>>

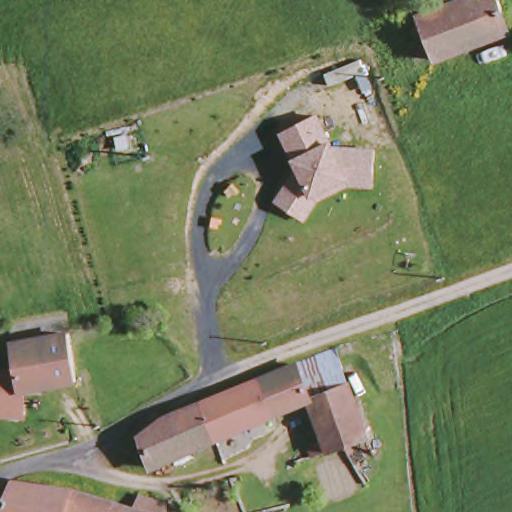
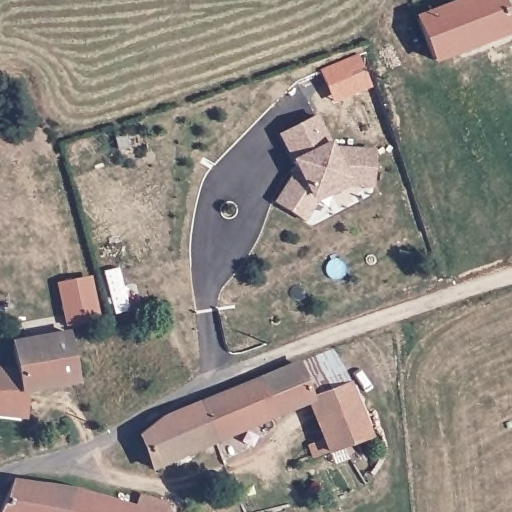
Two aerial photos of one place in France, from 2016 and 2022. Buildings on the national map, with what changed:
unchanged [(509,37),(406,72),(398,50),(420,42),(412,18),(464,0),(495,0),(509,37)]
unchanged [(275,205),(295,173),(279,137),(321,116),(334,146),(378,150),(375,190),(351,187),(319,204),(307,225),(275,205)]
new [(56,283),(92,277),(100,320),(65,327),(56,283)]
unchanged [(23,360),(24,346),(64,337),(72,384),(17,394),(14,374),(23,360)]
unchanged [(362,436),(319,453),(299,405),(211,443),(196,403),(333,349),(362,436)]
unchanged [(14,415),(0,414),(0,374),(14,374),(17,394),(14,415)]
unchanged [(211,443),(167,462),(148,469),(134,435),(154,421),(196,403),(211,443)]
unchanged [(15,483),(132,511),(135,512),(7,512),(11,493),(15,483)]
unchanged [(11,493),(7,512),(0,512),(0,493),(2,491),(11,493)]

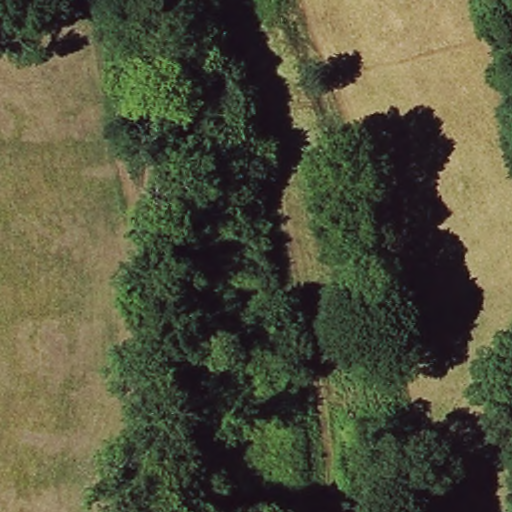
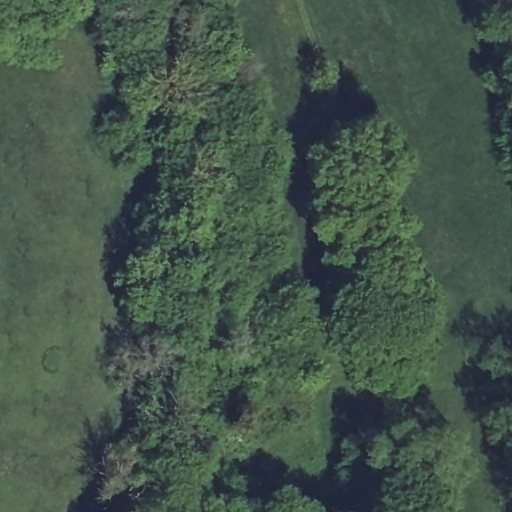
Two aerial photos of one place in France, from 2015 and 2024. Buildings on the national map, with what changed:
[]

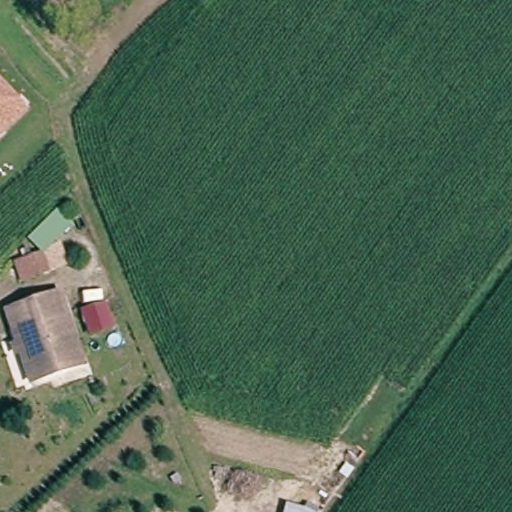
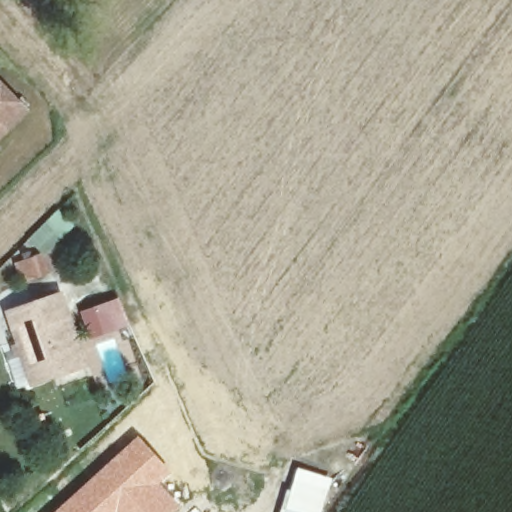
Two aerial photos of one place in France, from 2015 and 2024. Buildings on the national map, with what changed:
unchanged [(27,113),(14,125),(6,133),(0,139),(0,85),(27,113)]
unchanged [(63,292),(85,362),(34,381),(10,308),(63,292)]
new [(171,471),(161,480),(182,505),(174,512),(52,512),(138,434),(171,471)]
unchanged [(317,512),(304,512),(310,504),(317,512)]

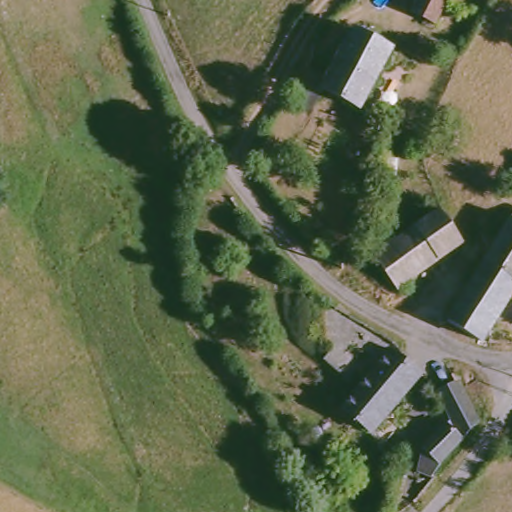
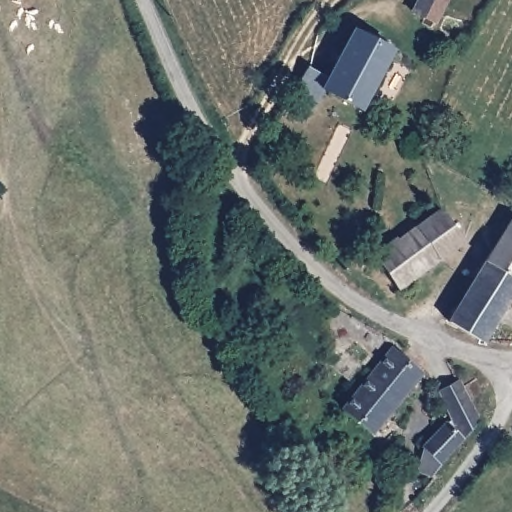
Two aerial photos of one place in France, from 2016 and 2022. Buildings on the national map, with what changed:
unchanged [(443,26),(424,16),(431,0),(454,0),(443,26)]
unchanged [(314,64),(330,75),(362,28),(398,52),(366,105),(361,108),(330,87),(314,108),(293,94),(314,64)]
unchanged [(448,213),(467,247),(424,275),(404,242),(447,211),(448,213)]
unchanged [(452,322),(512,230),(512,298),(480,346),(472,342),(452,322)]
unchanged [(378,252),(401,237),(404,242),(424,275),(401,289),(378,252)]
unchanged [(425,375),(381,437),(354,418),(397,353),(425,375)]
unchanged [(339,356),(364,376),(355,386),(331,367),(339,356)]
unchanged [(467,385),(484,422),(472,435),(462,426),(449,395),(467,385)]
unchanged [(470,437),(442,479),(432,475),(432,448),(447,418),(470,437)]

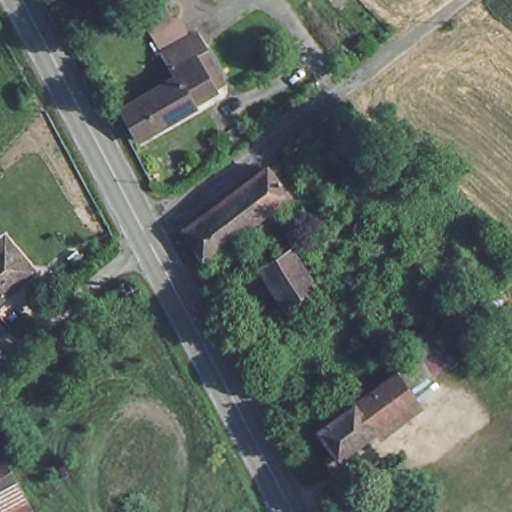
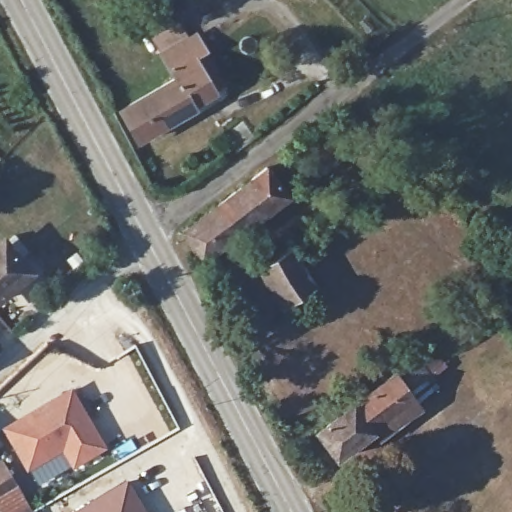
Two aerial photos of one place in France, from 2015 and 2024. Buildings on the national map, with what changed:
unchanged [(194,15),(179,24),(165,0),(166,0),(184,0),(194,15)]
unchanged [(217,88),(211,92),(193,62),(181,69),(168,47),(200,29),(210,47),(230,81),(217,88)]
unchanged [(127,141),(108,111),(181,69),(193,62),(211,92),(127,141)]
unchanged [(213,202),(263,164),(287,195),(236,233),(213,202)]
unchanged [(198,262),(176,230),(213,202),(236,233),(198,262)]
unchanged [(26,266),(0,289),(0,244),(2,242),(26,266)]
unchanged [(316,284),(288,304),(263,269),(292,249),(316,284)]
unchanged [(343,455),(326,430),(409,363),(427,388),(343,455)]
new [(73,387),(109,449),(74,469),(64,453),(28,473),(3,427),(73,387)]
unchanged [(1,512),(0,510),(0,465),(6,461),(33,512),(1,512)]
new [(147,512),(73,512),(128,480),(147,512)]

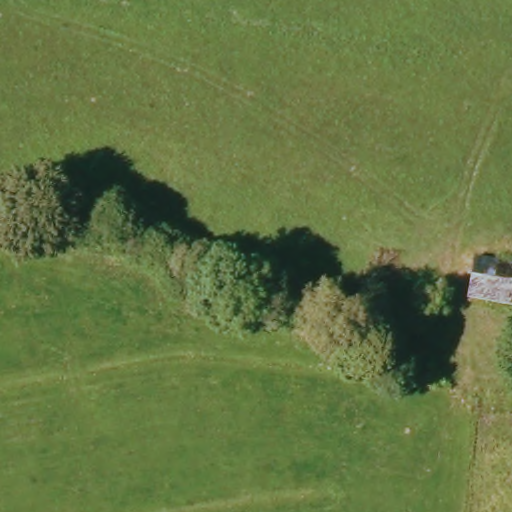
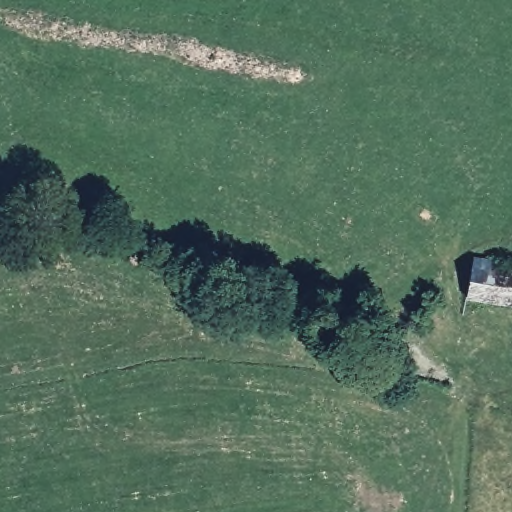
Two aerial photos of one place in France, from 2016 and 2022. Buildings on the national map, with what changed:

<<

Produce a word-for-word copy of the records, omitting all images.

Two aerial photos of one place in France, from 2016 and 2022. Buildings on the national map, with what changed:
unchanged [(509,37),(406,72),(398,50),(420,42),(412,18),(464,0),(495,0),(509,37)]
unchanged [(275,205),(295,173),(279,137),(321,116),(334,146),(378,150),(375,190),(351,187),(319,204),(307,225),(275,205)]
new [(56,283),(92,277),(100,320),(65,327),(56,283)]
unchanged [(23,360),(24,346),(64,337),(72,384),(17,394),(14,374),(23,360)]
unchanged [(362,436),(319,453),(299,405),(211,443),(196,403),(333,349),(362,436)]
unchanged [(14,415),(0,414),(0,374),(14,374),(17,394),(14,415)]
unchanged [(211,443),(167,462),(148,469),(134,435),(154,421),(196,403),(211,443)]
unchanged [(15,483),(132,511),(135,512),(7,512),(11,493),(15,483)]
unchanged [(11,493),(7,512),(0,512),(0,493),(2,491),(11,493)]

Two aerial photos of one place in France, from 2015 and 2024. Buildings on the national map, with what changed:
[]

Two aerial photos of one place in France, from 2015 and 2024. Buildings on the national map, with what changed:
unchanged [(27,113),(14,125),(6,133),(0,139),(0,85),(27,113)]
unchanged [(63,292),(85,362),(34,381),(10,308),(63,292)]
new [(171,471),(161,480),(182,505),(174,512),(52,512),(138,434),(171,471)]
unchanged [(317,512),(304,512),(310,504),(317,512)]

Two aerial photos of one place in France, from 2016 and 2022. Buildings on the national map, with what changed:
unchanged [(443,26),(424,16),(431,0),(454,0),(443,26)]
unchanged [(314,64),(330,75),(362,28),(398,52),(366,105),(361,108),(330,87),(314,108),(293,94),(314,64)]
unchanged [(448,213),(467,247),(424,275),(404,242),(447,211),(448,213)]
unchanged [(452,322),(512,230),(512,298),(480,346),(472,342),(452,322)]
unchanged [(378,252),(401,237),(404,242),(424,275),(401,289),(378,252)]
unchanged [(425,375),(381,437),(354,418),(397,353),(425,375)]
unchanged [(339,356),(364,376),(355,386),(331,367),(339,356)]
unchanged [(467,385),(484,422),(472,435),(462,426),(449,395),(467,385)]
unchanged [(470,437),(442,479),(432,475),(432,448),(447,418),(470,437)]

Two aerial photos of one place in France, from 2015 and 2024. Buildings on the national map, with what changed:
unchanged [(194,15),(179,24),(165,0),(166,0),(184,0),(194,15)]
unchanged [(217,88),(211,92),(193,62),(181,69),(168,47),(200,29),(210,47),(230,81),(217,88)]
unchanged [(127,141),(108,111),(181,69),(193,62),(211,92),(127,141)]
unchanged [(213,202),(263,164),(287,195),(236,233),(213,202)]
unchanged [(198,262),(176,230),(213,202),(236,233),(198,262)]
unchanged [(26,266),(0,289),(0,244),(2,242),(26,266)]
unchanged [(316,284),(288,304),(263,269),(292,249),(316,284)]
unchanged [(343,455),(326,430),(409,363),(427,388),(343,455)]
new [(73,387),(109,449),(74,469),(64,453),(28,473),(3,427),(73,387)]
unchanged [(1,512),(0,510),(0,465),(6,461),(33,512),(1,512)]
new [(147,512),(73,512),(128,480),(147,512)]

Two aerial photos of one place in France, from 2016 and 2022. Buildings on the national map, with what changed:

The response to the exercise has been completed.